> _MATERIAL SHOWN_:
Segment Open

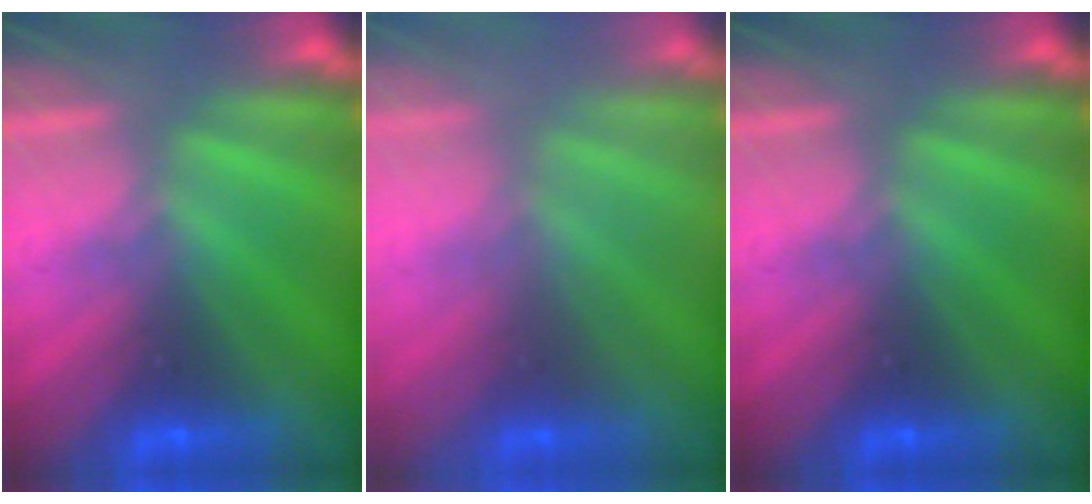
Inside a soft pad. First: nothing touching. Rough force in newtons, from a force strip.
{"total": 2.7}
{"total": 0.0}
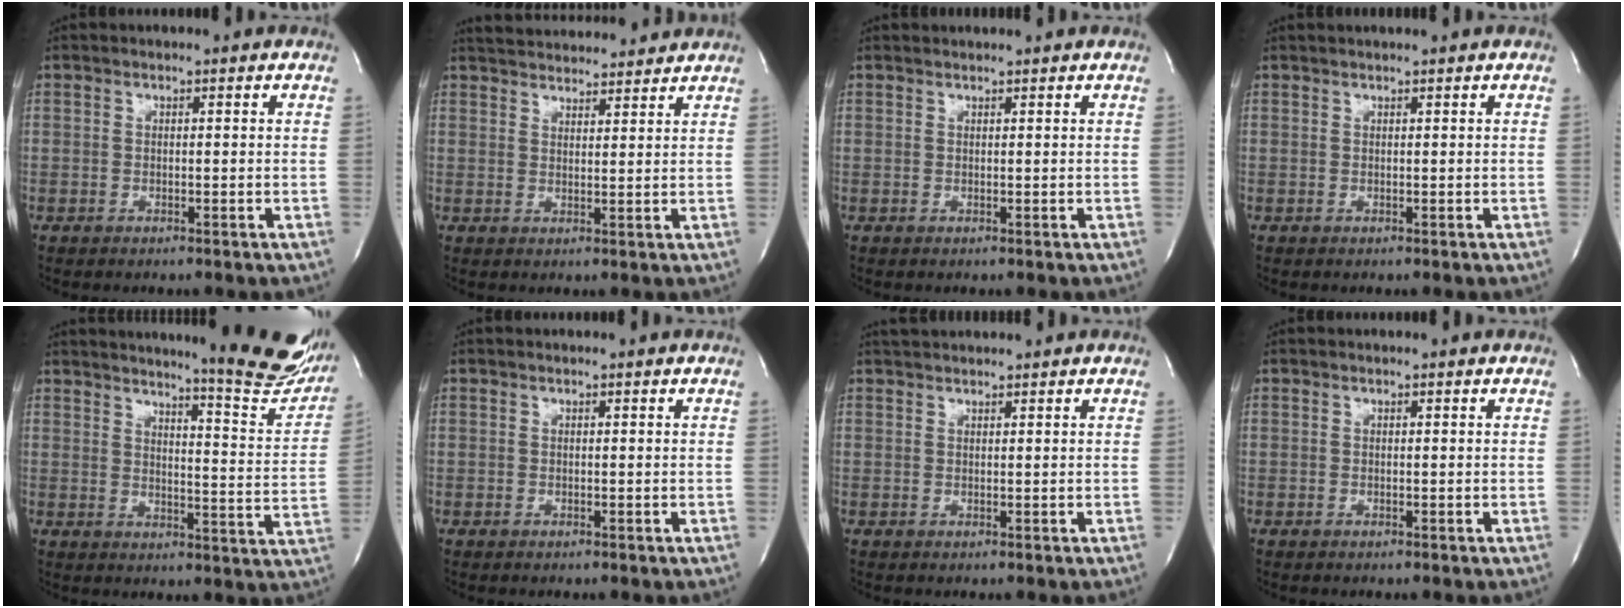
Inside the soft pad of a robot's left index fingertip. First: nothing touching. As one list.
[{"total": 11.9, "force": [11.4, 1.8, 3.0], "torque": [-0.051, 0.024, 0.161]}, {"total": 1.5, "force": [1.5, -0.2, 0.2], "torque": [-0.004, 0.011, 0.026]}, {"total": 1.6, "force": [1.4, -0.3, 0.6], "torque": [-0.006, 0.015, 0.027]}, {"total": 19.4, "force": [17.1, 1.4, 9.0], "torque": [-0.113, -0.082, 0.199]}, {"total": 0.0}, {"total": 3.0, "force": [2.9, 0.1, 0.7], "torque": [-0.012, 0.027, 0.052]}, {"total": 0.0}]
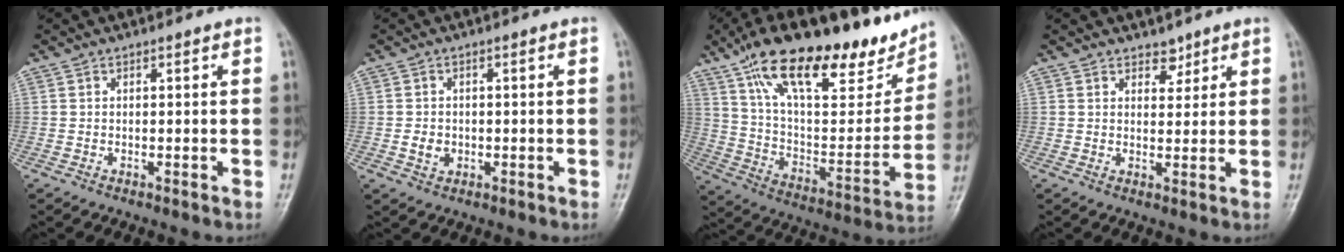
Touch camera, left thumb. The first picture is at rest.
{"total": 2.9, "force": [-0.6, 2.4, 1.5], "torque": [-0.019, 0.004, -0.008]}
{"total": 29.6, "force": [19.9, 11.1, 18.9], "torque": [-0.268, -0.039, 0.324]}
{"total": 2.5, "force": [1.9, 1.5, 0.8], "torque": [0.007, -0.013, 0.028]}
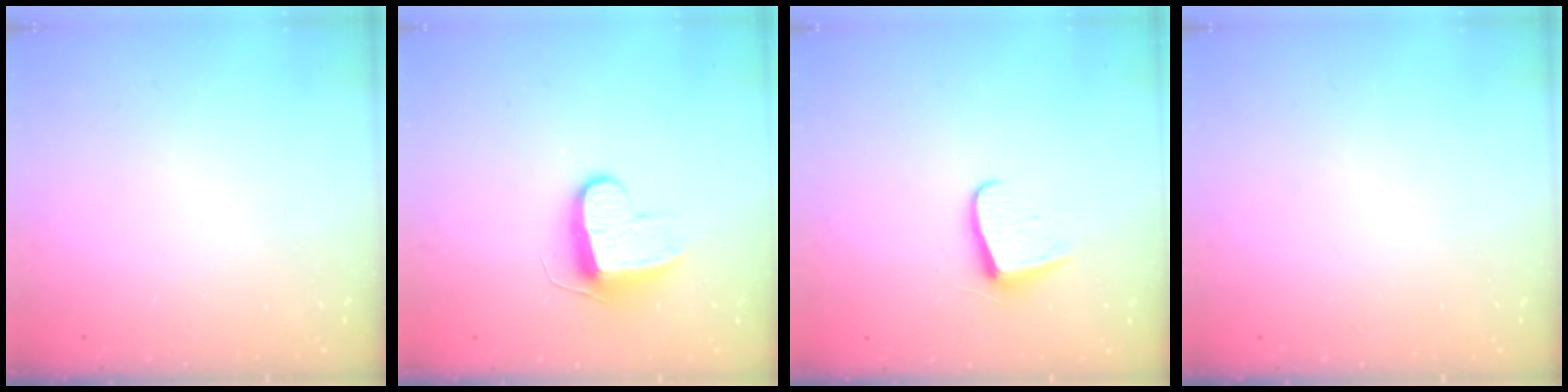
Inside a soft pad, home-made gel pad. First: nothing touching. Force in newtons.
{"total": 9.4, "press": 9.4, "slide": 0.5}
{"total": 7.2, "press": 7.2, "slide": 0.5}
{"total": 0.0}
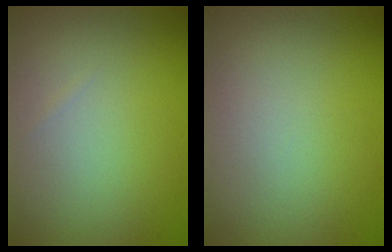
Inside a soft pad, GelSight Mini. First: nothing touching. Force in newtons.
{"total": 0.0}
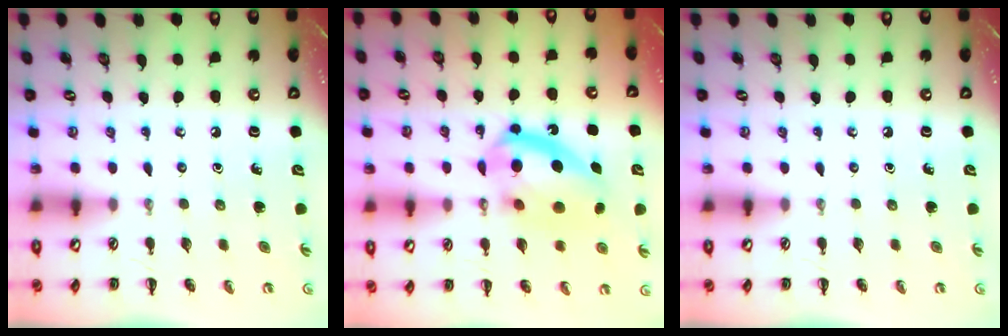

Segment Closed

> _WORK INSTRUCTIONS_:
Please write out, word for word, each line from the one with "Inside a soft pad, GelSight" to the last line of the data, keeping both ends and omitting pictures.

> _EXERCISE OUTPUT_:
Inside a soft pad, GelSight Mini. First: nothing touching. Force in newtons.
{"total": 0.0}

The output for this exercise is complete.